YOUR ASSIGNMENT: In the records below, find every line that contains "movement" and list it.

THE RECORDS:
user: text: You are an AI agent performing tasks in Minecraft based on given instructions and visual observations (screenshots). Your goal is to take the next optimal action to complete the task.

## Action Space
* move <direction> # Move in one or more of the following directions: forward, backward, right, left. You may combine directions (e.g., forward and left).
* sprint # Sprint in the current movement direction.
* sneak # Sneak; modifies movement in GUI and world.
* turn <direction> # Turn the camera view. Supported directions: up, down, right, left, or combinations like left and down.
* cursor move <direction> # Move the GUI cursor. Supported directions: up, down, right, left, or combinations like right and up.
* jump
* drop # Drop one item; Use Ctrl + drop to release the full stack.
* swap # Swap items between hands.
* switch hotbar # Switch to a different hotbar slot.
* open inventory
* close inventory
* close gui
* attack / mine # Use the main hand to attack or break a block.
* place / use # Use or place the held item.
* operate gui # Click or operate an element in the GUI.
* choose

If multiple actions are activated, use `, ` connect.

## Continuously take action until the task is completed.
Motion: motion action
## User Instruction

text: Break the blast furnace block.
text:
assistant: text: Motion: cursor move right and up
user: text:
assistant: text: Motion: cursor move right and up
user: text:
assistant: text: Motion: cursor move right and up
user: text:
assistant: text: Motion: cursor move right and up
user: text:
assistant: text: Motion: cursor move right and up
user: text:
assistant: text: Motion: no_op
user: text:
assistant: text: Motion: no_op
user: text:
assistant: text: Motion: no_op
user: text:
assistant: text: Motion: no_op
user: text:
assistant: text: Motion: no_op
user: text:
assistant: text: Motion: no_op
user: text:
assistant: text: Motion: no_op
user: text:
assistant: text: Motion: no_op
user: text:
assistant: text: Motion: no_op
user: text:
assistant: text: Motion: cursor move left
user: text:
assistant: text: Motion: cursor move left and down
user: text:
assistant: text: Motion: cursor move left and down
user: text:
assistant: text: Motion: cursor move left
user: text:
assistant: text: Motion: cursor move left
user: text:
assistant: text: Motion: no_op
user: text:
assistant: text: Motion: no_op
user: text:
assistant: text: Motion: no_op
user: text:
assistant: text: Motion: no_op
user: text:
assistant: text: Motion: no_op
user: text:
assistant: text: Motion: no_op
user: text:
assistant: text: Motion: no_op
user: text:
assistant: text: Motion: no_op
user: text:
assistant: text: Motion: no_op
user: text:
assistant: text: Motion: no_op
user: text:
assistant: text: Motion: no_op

ANSWER SECTION:
* sprint # Sprint in the current movement direction.
* sneak # Sneak; modifies movement in GUI and world.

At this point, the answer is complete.